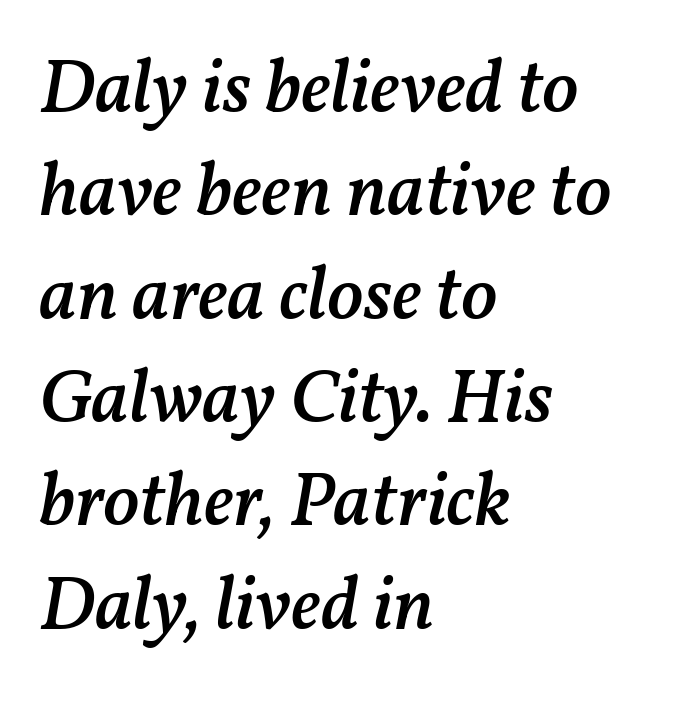
Q: Is the text bold? A: Semi-bold.
Q: Is the text italic (slanted)? A: Yes, it leans right by about 11 degrees.
Q: Is the text underlined? A: No.
Q: How is the paragraph aligned? A: Left-aligned.
Q: Is the spacing between letters normal or unusually wide? A: Normal.
Q: Is the spacing between lines tight, normal or loose? A: Normal.
Q: Width (condensed, normal, or wide)? A: Normal.
Q: Stroke contrast? A: Medium.
Q: x-height? A: Medium.
Q: Monospaced? A: No.
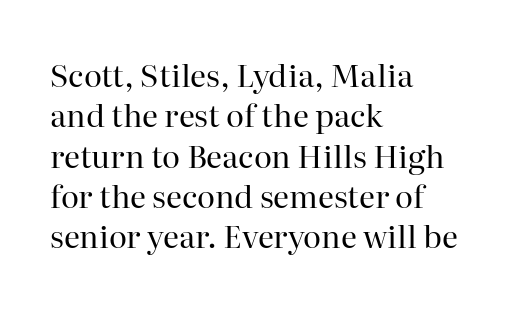
{"serif": "yes", "italic": "no", "bold": "no", "weight": "regular", "width": "normal", "stroke_contrast": "high", "x_height": "medium", "monospaced": "no", "underline": "no", "align": "left", "line_spacing": "normal", "line_spacing_ratio": 1.3, "letter_spacing": "normal", "letter_spacing_em": 0.0, "glyph_px": 31}
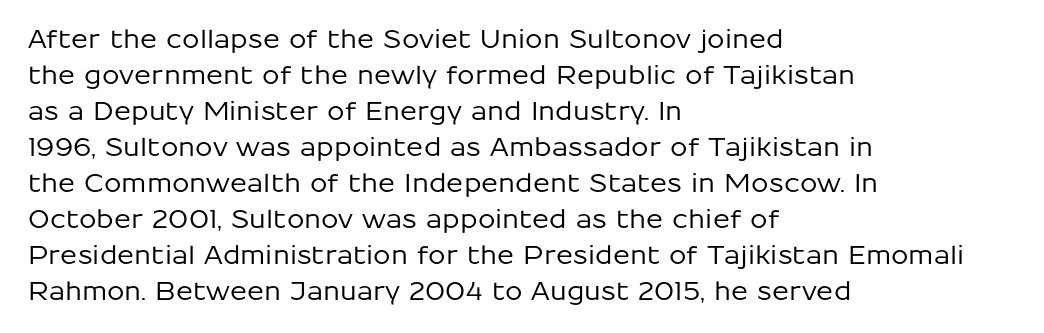
Q: Is the text italic (slanted)? A: No, it is upright.
Q: Is the text underlined? A: No.
Q: How is the paragraph aligned? A: Left-aligned.
Q: Is the spacing between letters normal or unusually wide? A: Normal.
Q: Is the spacing between lines tight, normal or loose? A: Normal.
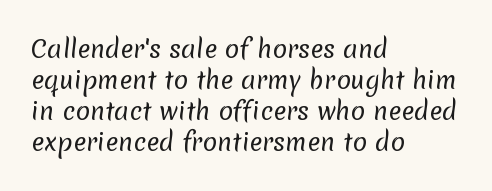
Descenders hang freely into open space. Weight: regular or lighter. One glance says typical: line gaps are just what's usual. You could call the tracking neutral — neither tight nor loose. If you drew a ruler down the left edge, every line would touch it.
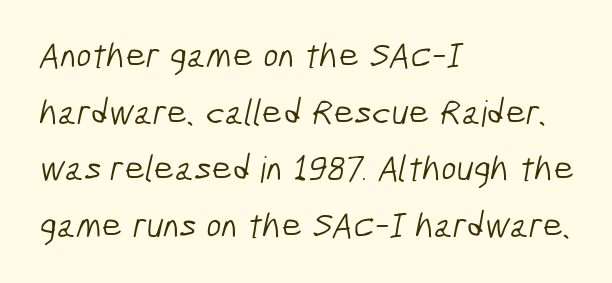
The image shows 36 px light, condensed sans-serif type; set left-aligned, normal line spacing (1.57x), normal letter spacing, not underlined; low stroke contrast and a medium x-height.
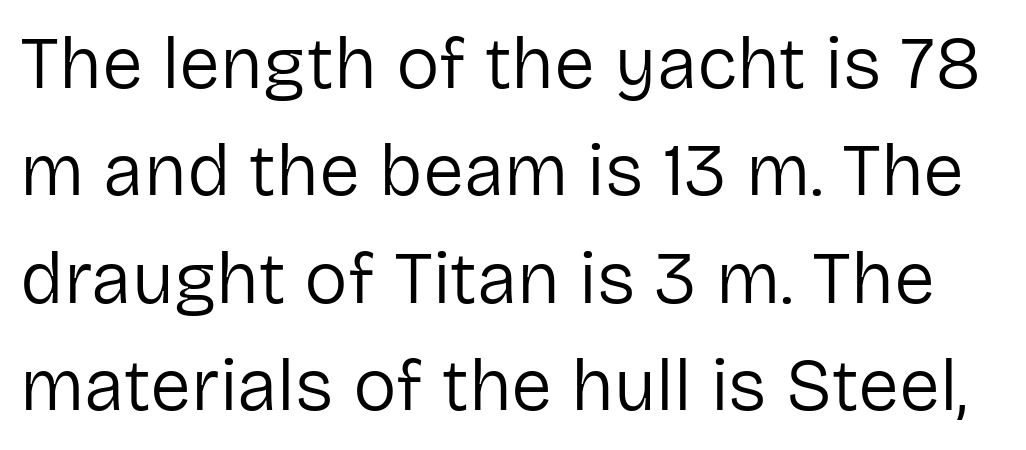
The image shows 73 px regular-weight sans-serif type, upright; set normal line spacing (1.47x), normal letter spacing, not underlined; low stroke contrast and a medium x-height.
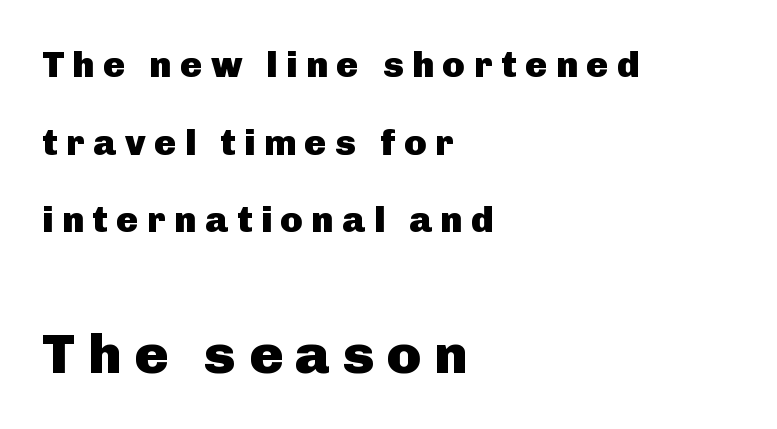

________________________

* What the exercise asks:
Return all the material exactly, skipping pictures.

* The answer:
Q: Is the text bold? A: Semi-bold.
Q: Is the text italic (slanted)? A: Yes, it leans right by about 11 degrees.
Q: Is the text underlined? A: No.
Q: How is the paragraph aligned? A: Left-aligned.
Q: Is the spacing between letters normal or unusually wide? A: Normal.
Q: Is the spacing between lines tight, normal or loose? A: Normal.
Q: Width (condensed, normal, or wide)? A: Normal.
Q: Stroke contrast? A: Medium.
Q: x-height? A: Medium.
Q: Monospaced? A: No.
{"serif": "yes", "italic": "no", "bold": "no", "weight": "regular", "width": "normal", "stroke_contrast": "high", "x_height": "medium", "monospaced": "no", "underline": "no", "align": "left", "line_spacing": "normal", "line_spacing_ratio": 1.3, "letter_spacing": "normal", "letter_spacing_em": 0.0, "glyph_px": 31}
Q: Is the text italic (slanted)? A: No, it is upright.
Q: Is the text underlined? A: No.
Q: How is the paragraph aligned? A: Left-aligned.
Q: Is the spacing between letters normal or unusually wide? A: Normal.
Q: Is the spacing between lines tight, normal or loose? A: Normal.
Descenders hang freely into open space. Weight: regular or lighter. One glance says typical: line gaps are just what's usual. You could call the tracking neutral — neither tight nor loose. If you drew a ruler down the left edge, every line would touch it.
The image shows 36 px light, condensed sans-serif type; set left-aligned, normal line spacing (1.57x), normal letter spacing, not underlined; low stroke contrast and a medium x-height.
The image shows 73 px regular-weight sans-serif type, upright; set normal line spacing (1.47x), normal letter spacing, not underlined; low stroke contrast and a medium x-height.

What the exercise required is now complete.